| Task objective |
Nothing but the lines from the one containing "202.544C143.08 206.45 148.625" through the one containing "267.963L445.946 267.382C445.946 267.382", both included, should be given again, each exactly as written below.

| Dataset content |
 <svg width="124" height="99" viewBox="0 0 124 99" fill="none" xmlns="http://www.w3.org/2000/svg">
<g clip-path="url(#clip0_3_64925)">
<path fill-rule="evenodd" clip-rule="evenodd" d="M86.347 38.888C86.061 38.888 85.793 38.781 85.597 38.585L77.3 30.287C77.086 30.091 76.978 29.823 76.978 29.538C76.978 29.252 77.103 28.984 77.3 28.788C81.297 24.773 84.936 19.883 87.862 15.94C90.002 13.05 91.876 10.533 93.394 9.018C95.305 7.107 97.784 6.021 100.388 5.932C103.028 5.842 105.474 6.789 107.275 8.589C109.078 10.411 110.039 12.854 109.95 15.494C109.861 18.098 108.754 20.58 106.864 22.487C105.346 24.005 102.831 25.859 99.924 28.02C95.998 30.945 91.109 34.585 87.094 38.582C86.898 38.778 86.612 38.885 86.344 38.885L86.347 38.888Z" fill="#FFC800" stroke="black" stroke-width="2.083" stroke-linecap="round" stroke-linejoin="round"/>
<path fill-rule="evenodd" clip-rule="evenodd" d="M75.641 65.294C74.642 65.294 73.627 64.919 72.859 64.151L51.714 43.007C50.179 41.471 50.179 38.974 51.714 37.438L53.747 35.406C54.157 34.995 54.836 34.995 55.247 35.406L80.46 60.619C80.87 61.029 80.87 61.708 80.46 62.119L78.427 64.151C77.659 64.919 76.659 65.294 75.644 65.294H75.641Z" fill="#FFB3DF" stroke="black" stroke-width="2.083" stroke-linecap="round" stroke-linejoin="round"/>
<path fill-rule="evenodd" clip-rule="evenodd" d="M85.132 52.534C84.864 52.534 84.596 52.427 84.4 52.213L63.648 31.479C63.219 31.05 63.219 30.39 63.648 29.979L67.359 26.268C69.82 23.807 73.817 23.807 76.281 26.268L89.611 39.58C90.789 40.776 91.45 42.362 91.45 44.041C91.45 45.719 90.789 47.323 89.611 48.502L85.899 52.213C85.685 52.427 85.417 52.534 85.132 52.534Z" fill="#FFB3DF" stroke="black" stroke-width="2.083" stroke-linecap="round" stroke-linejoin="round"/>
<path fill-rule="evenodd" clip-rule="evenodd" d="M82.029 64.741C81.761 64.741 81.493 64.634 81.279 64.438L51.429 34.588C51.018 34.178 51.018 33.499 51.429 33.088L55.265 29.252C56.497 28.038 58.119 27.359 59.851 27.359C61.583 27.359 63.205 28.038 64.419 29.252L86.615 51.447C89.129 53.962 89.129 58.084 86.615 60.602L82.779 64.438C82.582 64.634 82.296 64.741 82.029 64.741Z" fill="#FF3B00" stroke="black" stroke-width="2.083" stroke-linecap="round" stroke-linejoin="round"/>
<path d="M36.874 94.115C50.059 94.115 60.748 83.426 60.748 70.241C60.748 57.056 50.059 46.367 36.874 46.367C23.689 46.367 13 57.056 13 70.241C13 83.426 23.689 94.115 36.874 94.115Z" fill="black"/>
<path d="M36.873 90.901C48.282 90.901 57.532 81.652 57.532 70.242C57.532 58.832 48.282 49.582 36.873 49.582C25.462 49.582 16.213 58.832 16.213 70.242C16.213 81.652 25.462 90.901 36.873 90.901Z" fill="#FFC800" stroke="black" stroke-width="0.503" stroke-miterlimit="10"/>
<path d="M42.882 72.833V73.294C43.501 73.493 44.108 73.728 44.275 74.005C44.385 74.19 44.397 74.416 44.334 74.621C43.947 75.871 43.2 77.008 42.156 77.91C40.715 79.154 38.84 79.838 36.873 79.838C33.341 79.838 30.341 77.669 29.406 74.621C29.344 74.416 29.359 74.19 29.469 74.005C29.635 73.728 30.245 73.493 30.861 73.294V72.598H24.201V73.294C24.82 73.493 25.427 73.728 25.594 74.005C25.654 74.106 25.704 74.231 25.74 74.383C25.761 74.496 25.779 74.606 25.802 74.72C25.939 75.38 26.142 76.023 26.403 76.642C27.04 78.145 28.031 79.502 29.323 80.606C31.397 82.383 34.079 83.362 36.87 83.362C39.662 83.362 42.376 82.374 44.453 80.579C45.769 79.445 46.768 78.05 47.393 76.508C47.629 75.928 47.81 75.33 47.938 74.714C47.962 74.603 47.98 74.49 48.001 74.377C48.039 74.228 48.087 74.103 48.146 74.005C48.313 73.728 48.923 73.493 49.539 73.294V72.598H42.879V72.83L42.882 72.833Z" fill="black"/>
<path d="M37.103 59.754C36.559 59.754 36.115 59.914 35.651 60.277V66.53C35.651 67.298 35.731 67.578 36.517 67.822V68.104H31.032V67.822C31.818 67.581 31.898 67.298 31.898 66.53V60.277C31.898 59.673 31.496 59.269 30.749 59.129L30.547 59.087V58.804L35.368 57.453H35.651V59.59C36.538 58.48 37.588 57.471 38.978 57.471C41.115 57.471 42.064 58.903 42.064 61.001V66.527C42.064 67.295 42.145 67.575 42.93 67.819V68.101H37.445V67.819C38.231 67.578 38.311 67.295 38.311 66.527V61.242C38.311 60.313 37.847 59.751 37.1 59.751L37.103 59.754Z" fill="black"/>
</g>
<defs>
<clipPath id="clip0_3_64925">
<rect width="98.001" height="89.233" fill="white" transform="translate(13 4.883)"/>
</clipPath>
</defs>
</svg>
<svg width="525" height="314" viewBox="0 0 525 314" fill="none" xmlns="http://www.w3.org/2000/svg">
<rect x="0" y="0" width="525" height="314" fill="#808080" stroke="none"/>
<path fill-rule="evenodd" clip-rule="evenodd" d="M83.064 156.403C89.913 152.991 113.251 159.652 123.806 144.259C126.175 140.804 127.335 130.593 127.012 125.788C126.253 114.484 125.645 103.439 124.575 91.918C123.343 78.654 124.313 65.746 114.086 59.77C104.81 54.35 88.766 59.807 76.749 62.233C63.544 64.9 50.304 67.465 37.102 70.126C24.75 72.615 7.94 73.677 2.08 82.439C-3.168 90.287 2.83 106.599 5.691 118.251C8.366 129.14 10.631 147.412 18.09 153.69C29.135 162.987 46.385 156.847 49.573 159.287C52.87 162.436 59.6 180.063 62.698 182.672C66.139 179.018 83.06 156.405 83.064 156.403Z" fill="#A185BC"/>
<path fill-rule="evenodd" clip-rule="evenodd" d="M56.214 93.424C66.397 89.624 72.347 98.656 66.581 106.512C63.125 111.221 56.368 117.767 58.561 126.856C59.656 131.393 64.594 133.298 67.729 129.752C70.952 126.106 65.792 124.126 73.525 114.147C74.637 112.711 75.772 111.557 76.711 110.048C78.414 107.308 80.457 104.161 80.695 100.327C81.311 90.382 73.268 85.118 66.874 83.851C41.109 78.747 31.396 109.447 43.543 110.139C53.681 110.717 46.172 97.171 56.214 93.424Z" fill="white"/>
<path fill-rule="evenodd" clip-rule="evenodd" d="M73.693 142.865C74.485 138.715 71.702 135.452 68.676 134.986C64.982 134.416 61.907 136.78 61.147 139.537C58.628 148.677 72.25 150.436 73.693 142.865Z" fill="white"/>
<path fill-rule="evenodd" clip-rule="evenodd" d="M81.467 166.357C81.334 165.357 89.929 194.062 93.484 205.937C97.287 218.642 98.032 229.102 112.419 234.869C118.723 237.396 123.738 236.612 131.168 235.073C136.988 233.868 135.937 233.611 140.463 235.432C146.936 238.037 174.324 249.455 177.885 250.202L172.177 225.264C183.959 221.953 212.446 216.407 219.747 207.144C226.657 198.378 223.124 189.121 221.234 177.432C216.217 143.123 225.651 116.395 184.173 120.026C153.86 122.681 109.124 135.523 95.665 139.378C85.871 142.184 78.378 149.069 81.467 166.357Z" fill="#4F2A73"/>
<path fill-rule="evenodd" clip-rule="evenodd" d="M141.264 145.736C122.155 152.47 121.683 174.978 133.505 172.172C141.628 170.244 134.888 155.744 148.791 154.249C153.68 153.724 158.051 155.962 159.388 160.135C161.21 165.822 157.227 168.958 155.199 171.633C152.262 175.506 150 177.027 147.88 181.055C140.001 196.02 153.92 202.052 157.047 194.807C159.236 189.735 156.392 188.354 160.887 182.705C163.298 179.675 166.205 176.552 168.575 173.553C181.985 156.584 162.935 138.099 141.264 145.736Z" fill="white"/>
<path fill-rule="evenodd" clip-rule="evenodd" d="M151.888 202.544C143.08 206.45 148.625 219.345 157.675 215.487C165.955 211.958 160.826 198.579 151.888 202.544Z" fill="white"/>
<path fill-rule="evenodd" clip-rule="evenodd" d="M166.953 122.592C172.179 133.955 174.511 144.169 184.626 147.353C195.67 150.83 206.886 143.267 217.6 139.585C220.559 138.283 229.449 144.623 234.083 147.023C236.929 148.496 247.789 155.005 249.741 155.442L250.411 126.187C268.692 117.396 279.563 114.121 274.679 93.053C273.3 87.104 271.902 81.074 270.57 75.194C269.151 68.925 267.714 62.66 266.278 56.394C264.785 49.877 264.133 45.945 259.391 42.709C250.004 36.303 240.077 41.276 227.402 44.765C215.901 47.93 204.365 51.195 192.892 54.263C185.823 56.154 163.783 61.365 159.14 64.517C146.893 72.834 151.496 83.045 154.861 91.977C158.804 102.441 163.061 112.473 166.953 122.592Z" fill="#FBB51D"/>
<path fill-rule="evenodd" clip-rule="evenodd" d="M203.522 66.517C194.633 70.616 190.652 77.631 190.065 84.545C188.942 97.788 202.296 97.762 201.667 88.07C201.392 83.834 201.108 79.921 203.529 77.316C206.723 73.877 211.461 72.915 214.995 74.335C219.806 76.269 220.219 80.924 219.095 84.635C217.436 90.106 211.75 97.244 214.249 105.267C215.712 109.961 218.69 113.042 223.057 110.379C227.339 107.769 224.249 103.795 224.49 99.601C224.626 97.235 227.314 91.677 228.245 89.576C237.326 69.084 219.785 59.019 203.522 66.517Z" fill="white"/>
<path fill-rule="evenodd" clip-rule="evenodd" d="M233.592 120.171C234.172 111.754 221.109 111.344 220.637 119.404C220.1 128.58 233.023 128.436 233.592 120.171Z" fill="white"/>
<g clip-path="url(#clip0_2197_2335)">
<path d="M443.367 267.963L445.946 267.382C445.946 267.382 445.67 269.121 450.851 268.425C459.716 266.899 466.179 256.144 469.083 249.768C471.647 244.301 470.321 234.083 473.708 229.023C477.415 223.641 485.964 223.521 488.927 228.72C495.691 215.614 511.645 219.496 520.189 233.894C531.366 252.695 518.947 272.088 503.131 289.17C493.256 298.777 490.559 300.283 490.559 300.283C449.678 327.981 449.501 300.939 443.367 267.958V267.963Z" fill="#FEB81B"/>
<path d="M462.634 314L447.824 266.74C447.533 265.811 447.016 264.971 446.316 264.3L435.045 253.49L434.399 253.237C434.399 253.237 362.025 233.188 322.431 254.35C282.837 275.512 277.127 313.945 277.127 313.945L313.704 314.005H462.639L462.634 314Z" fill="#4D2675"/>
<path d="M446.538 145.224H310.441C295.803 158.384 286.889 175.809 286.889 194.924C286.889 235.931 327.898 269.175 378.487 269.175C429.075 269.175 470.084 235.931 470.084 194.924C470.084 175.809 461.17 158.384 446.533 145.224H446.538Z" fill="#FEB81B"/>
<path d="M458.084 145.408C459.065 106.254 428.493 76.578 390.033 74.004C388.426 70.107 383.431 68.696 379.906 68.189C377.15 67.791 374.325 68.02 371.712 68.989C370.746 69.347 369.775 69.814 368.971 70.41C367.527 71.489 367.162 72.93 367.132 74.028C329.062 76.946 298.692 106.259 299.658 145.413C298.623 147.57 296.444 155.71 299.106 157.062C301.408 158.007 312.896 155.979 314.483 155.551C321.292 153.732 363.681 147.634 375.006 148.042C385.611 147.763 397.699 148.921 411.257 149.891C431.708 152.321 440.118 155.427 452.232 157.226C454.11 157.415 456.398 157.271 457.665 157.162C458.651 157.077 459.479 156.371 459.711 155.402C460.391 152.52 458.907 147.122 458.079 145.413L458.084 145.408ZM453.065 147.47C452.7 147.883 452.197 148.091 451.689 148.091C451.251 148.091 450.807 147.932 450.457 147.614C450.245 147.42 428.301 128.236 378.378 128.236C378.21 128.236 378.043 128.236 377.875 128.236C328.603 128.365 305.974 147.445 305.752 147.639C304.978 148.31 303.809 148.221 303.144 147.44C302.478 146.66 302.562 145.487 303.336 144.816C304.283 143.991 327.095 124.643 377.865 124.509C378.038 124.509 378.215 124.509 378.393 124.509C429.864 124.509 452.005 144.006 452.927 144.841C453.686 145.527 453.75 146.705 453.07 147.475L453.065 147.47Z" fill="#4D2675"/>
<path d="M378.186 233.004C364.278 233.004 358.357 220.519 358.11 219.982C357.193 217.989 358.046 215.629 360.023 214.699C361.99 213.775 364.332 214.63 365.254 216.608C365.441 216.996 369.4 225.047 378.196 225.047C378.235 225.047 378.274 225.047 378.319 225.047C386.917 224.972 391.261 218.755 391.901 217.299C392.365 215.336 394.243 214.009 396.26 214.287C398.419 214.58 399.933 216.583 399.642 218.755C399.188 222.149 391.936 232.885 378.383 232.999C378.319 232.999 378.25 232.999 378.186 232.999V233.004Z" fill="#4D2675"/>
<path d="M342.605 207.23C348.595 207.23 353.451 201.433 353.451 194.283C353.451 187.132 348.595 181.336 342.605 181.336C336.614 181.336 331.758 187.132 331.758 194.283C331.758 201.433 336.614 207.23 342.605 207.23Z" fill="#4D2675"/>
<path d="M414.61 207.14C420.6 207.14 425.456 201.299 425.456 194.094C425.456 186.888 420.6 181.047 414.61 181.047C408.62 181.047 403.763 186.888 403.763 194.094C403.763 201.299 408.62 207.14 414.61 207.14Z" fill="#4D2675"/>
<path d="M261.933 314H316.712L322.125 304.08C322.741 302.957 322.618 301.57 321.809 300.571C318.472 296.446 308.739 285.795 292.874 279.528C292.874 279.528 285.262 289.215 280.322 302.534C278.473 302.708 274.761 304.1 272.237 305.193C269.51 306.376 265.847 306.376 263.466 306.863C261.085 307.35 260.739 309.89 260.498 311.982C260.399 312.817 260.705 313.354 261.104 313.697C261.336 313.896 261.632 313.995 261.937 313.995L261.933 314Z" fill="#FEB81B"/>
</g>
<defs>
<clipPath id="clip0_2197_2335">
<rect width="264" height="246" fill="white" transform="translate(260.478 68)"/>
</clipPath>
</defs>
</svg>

| Answer |
<path fill-rule="evenodd" clip-rule="evenodd" d="M151.888 202.544C143.08 206.45 148.625 219.345 157.675 215.487C165.955 211.958 160.826 198.579 151.888 202.544Z" fill="white"/>
<path fill-rule="evenodd" clip-rule="evenodd" d="M166.953 122.592C172.179 133.955 174.511 144.169 184.626 147.353C195.67 150.83 206.886 143.267 217.6 139.585C220.559 138.283 229.449 144.623 234.083 147.023C236.929 148.496 247.789 155.005 249.741 155.442L250.411 126.187C268.692 117.396 279.563 114.121 274.679 93.053C273.3 87.104 271.902 81.074 270.57 75.194C269.151 68.925 267.714 62.66 266.278 56.394C264.785 49.877 264.133 45.945 259.391 42.709C250.004 36.303 240.077 41.276 227.402 44.765C215.901 47.93 204.365 51.195 192.892 54.263C185.823 56.154 163.783 61.365 159.14 64.517C146.893 72.834 151.496 83.045 154.861 91.977C158.804 102.441 163.061 112.473 166.953 122.592Z" fill="#FBB51D"/>
<path fill-rule="evenodd" clip-rule="evenodd" d="M203.522 66.517C194.633 70.616 190.652 77.631 190.065 84.545C188.942 97.788 202.296 97.762 201.667 88.07C201.392 83.834 201.108 79.921 203.529 77.316C206.723 73.877 211.461 72.915 214.995 74.335C219.806 76.269 220.219 80.924 219.095 84.635C217.436 90.106 211.75 97.244 214.249 105.267C215.712 109.961 218.69 113.042 223.057 110.379C227.339 107.769 224.249 103.795 224.49 99.601C224.626 97.235 227.314 91.677 228.245 89.576C237.326 69.084 219.785 59.019 203.522 66.517Z" fill="white"/>
<path fill-rule="evenodd" clip-rule="evenodd" d="M233.592 120.171C234.172 111.754 221.109 111.344 220.637 119.404C220.1 128.58 233.023 128.436 233.592 120.171Z" fill="white"/>
<g clip-path="url(#clip0_2197_2335)">
<path d="M443.367 267.963L445.946 267.382C445.946 267.382 445.67 269.121 450.851 268.425C459.716 266.899 466.179 256.144 469.083 249.768C471.647 244.301 470.321 234.083 473.708 229.023C477.415 223.641 485.964 223.521 488.927 228.72C495.691 215.614 511.645 219.496 520.189 233.894C531.366 252.695 518.947 272.088 503.131 289.17C493.256 298.777 490.559 300.283 490.559 300.283C449.678 327.981 449.501 300.939 443.367 267.958V267.963Z" fill="#FEB81B"/>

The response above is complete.